Work instruction: As the output, give exactly the lines that run from the one with "land use: Forestry" through the end of the records below, and omit pictures.

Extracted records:
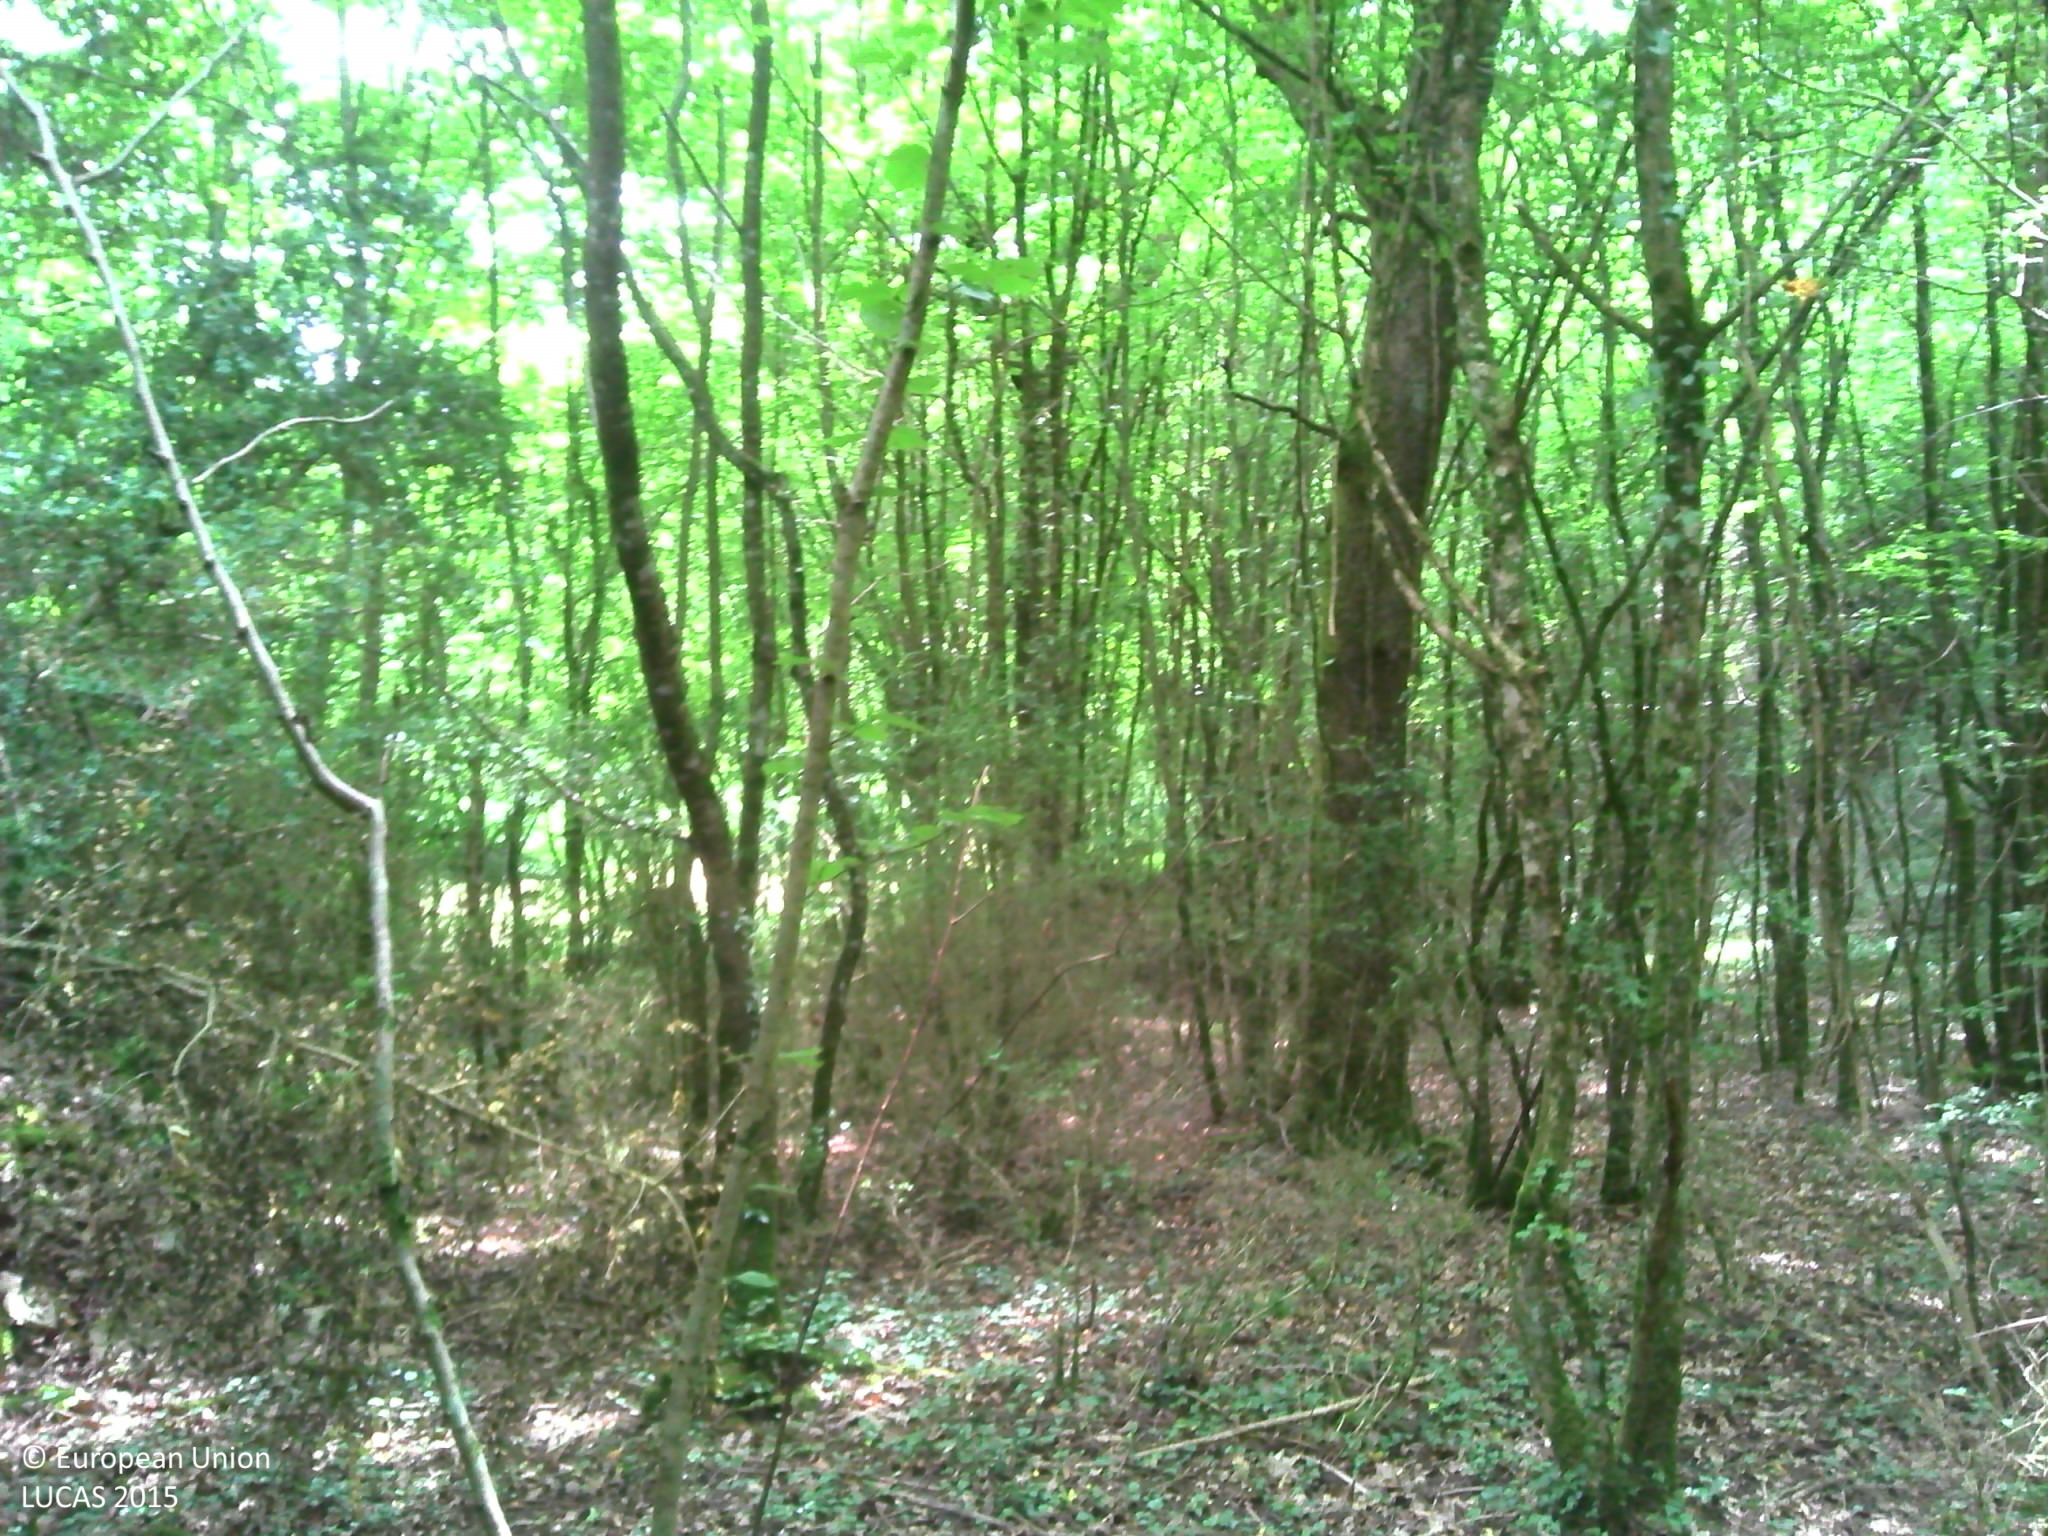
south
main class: Woodland
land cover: Broadleaved woodland
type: mesophytic deciduous forest
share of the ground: > 75 %
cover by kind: broadleaved forest trees 60 %, herbaceous plants 35 %, lichens and mosses 5 %
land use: Forestry
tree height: > 5 m
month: June
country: FR
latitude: 46.5687
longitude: 4.8222
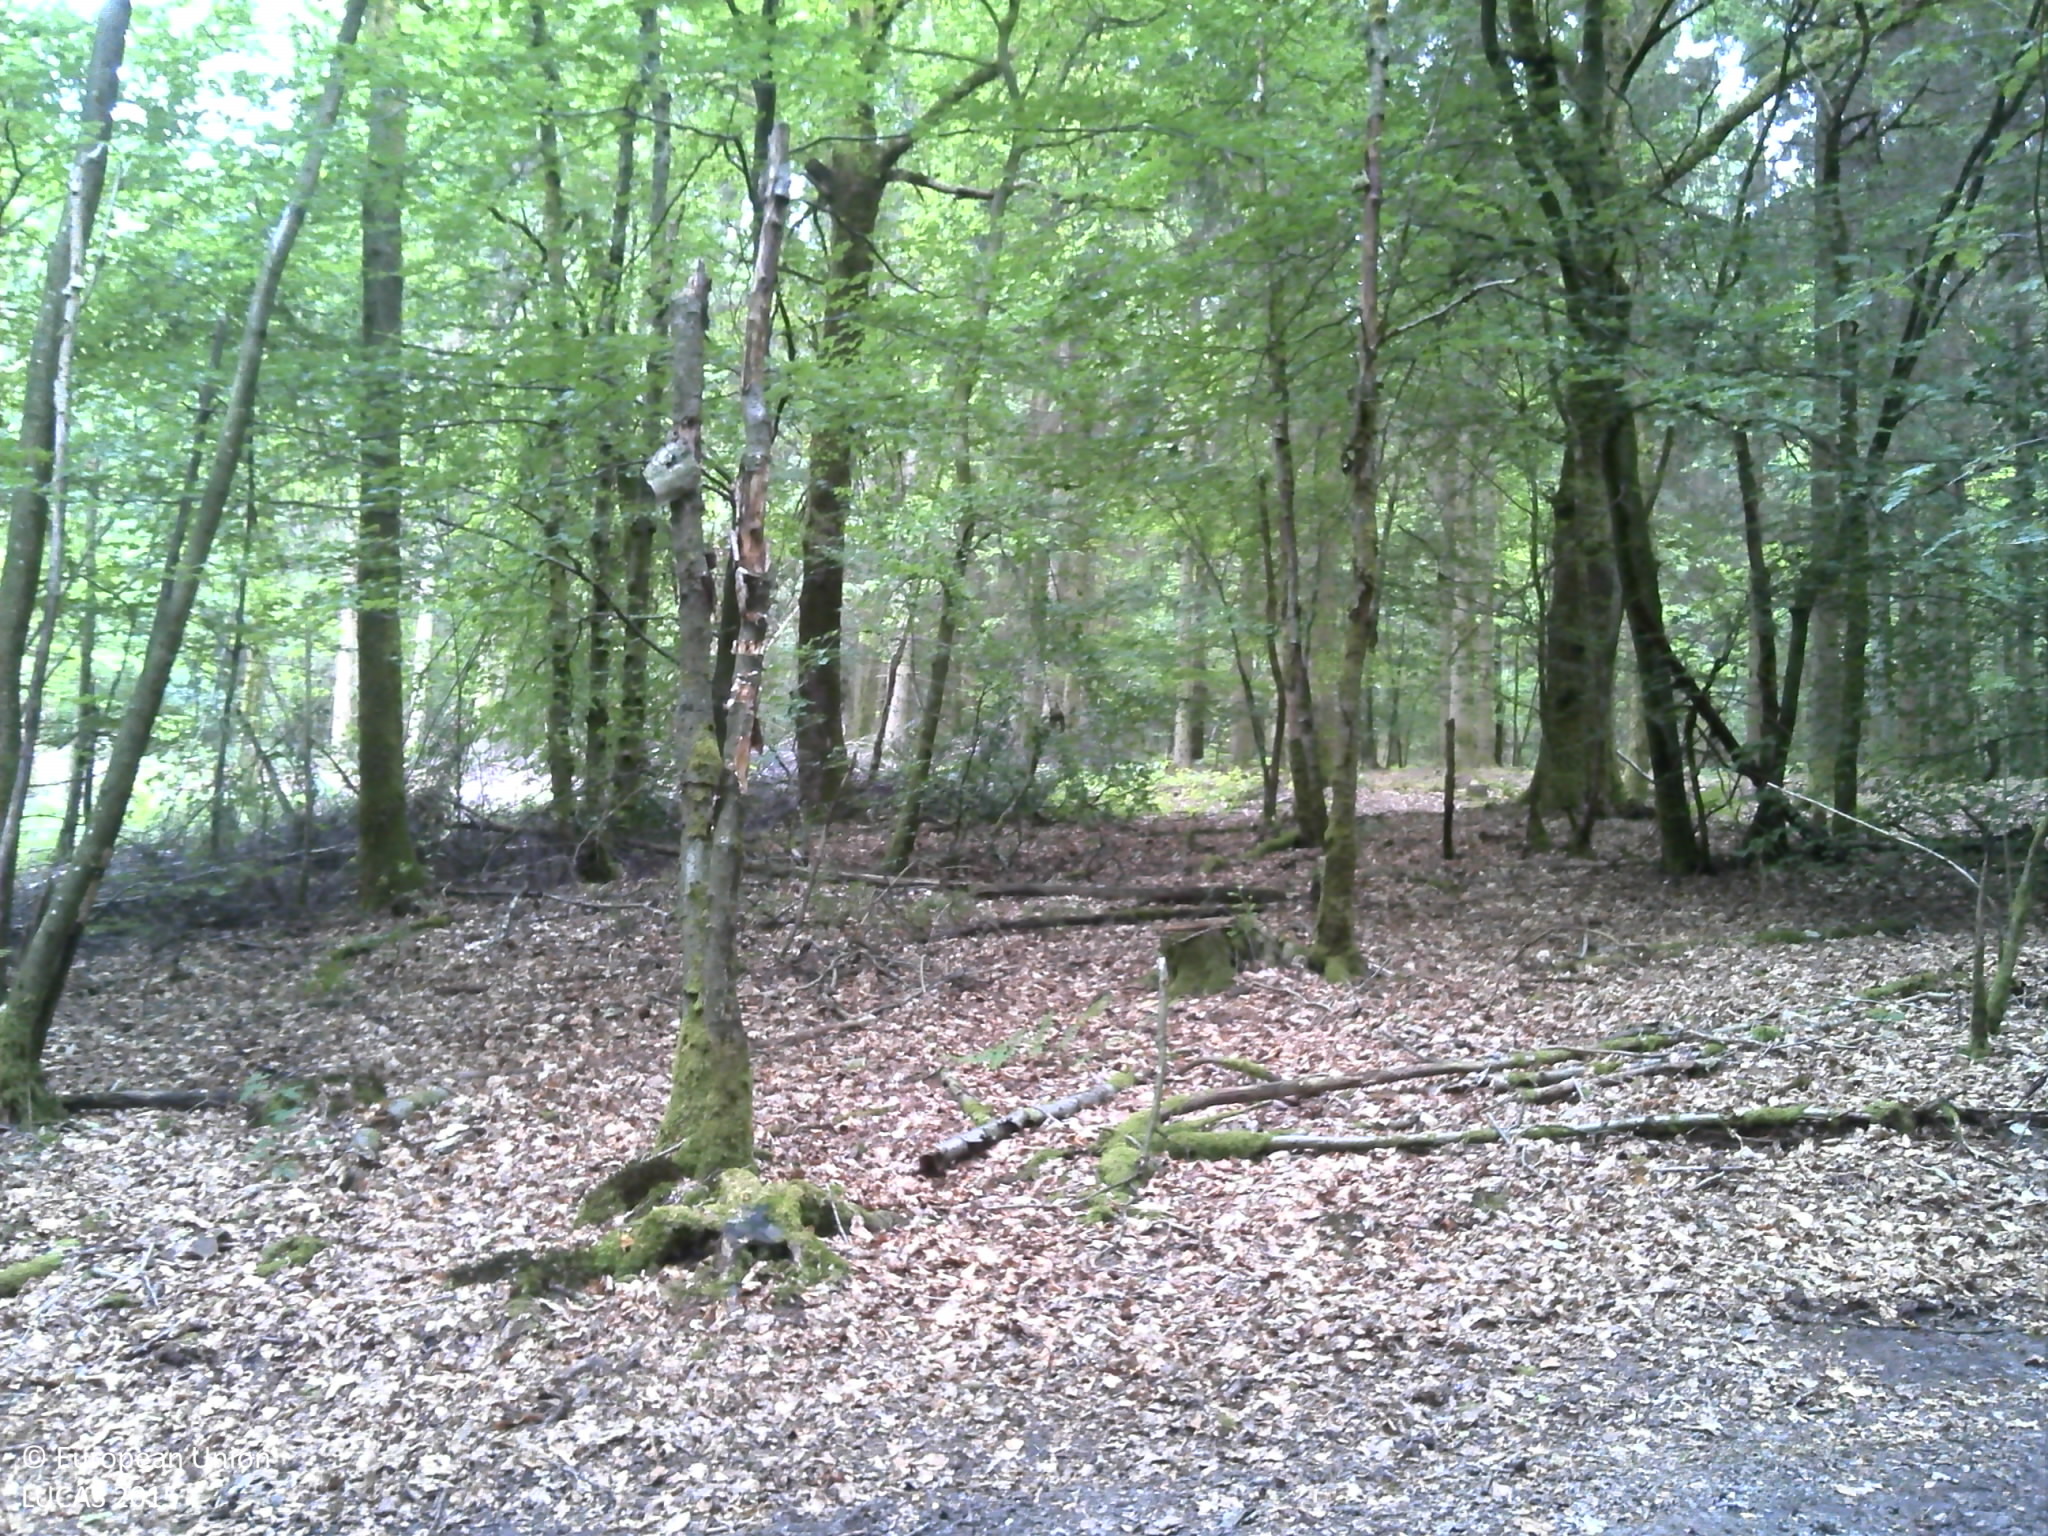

Reply:
land use: Forestry
tree height: > 5 m
month: June
country: FR
latitude: 46.5687
longitude: 4.8222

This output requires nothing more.